▶ Exercise details
Transcribe the following entries word for word; no picture is to appear in the copy.

..........

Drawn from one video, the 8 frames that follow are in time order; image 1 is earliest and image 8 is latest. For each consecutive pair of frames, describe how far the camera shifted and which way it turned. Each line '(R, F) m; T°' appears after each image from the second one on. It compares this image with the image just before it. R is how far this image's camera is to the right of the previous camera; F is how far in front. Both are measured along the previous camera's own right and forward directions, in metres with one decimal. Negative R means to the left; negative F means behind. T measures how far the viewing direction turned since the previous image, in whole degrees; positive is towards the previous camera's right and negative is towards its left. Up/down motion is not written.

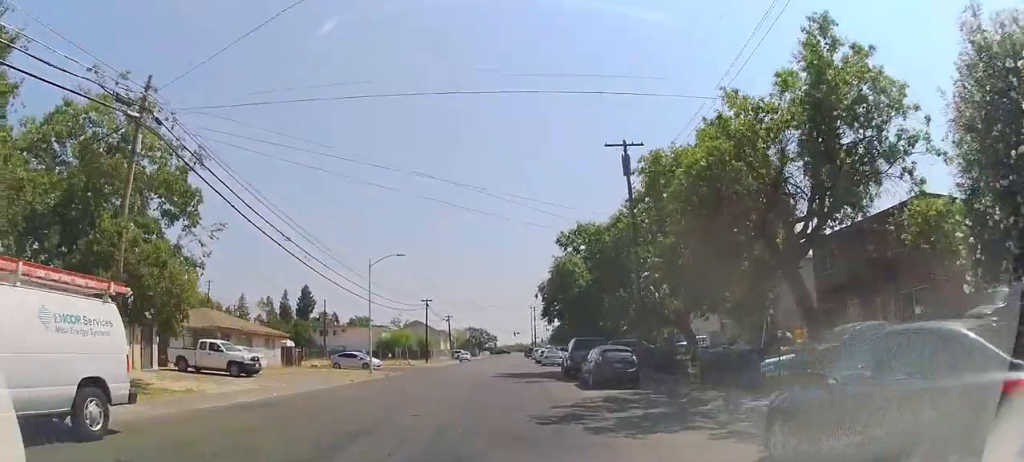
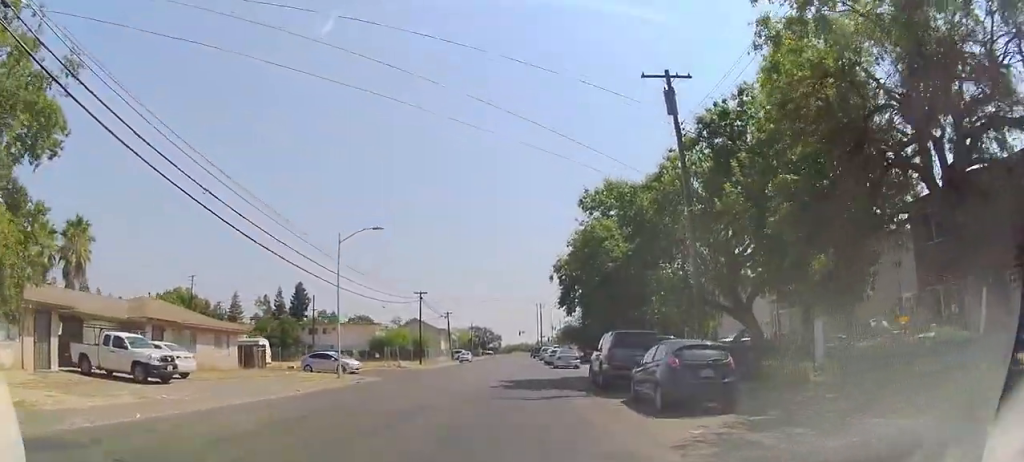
(0.0, +7.8) m; 0°
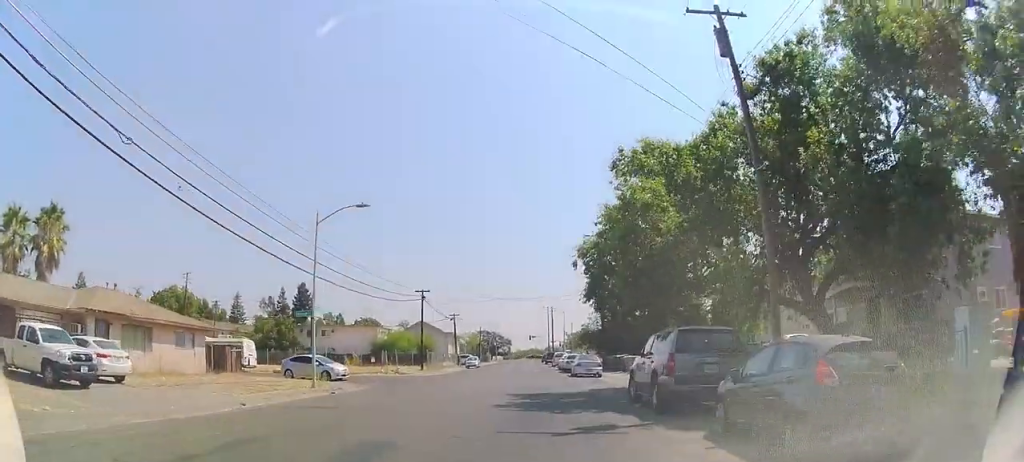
(0.0, +5.1) m; 0°
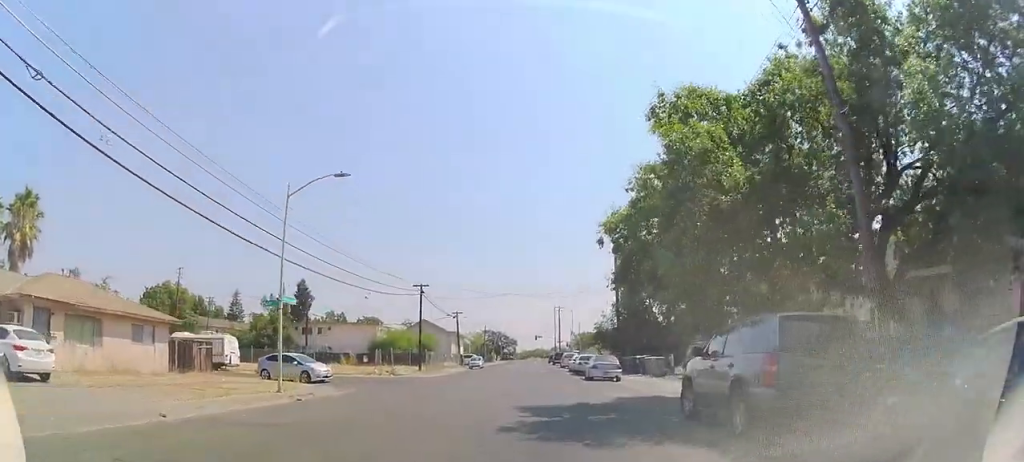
(0.0, +4.1) m; 0°
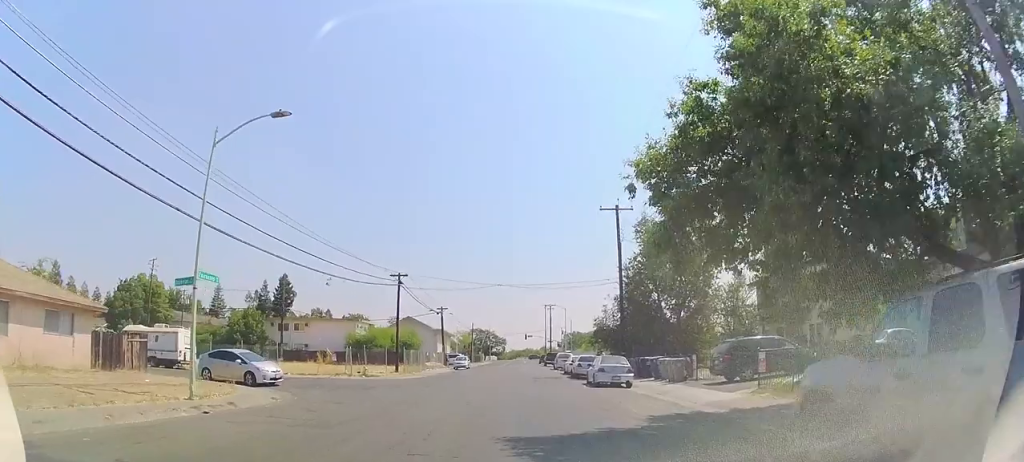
(0.0, +4.8) m; 0°
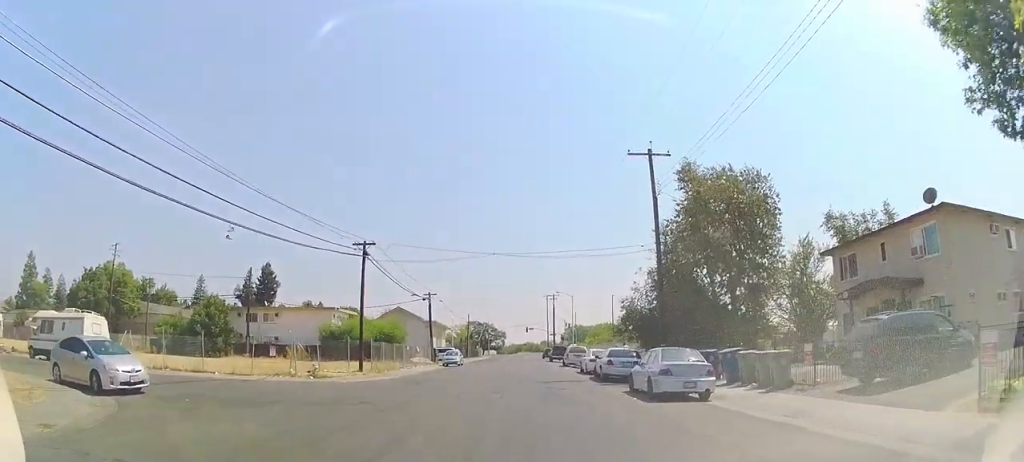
(0.0, +9.3) m; 0°
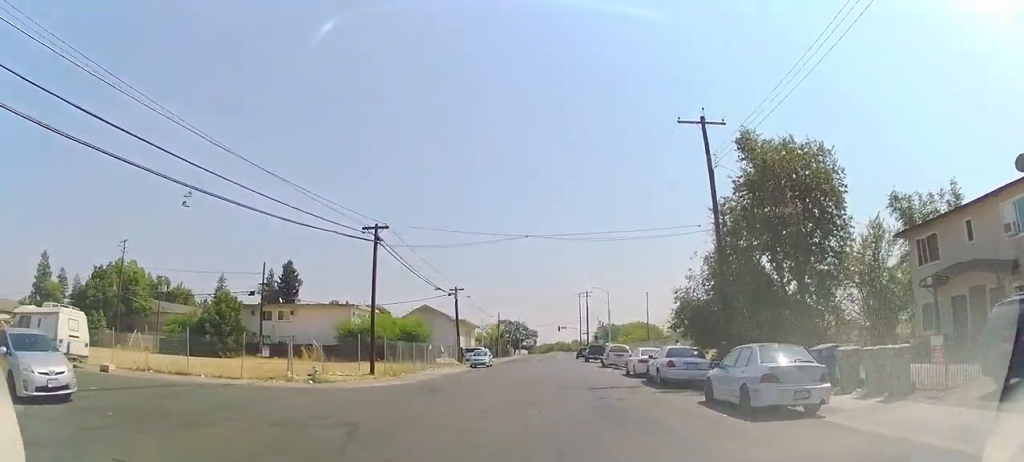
(0.0, +4.4) m; -3°
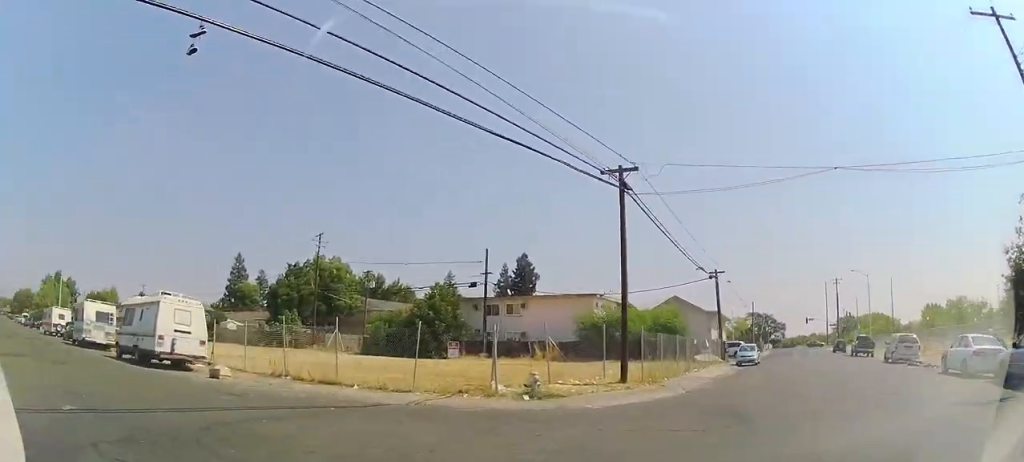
(-0.9, +9.2) m; -21°

..........

▶ Completed task
Drawn from one video, the 8 frames that follow are in time order; image 1 is earliest and image 8 is latest. For each consecutive pair of frames, describe how far the camera shifted and which way it turned. Each line '(R, F) m; T°' appears after each image from the second one on. It compares this image with the image just before it. R is how far this image's camera is to the right of the previous camera; F is how far in front. Both are measured along the previous camera's own right and forward directions, in metres with one decimal. Negative R means to the left; negative F means behind. T measures how far the viewing direction turned since the previous image, in whole degrees; positive is towards the previous camera's right and negative is towards its left. Up/down motion is not written.

(0.0, +7.8) m; 0°
(0.0, +5.1) m; 0°
(0.0, +4.1) m; 0°
(0.0, +4.8) m; 0°
(0.0, +9.3) m; 0°
(0.0, +4.4) m; -3°
(-0.9, +9.2) m; -21°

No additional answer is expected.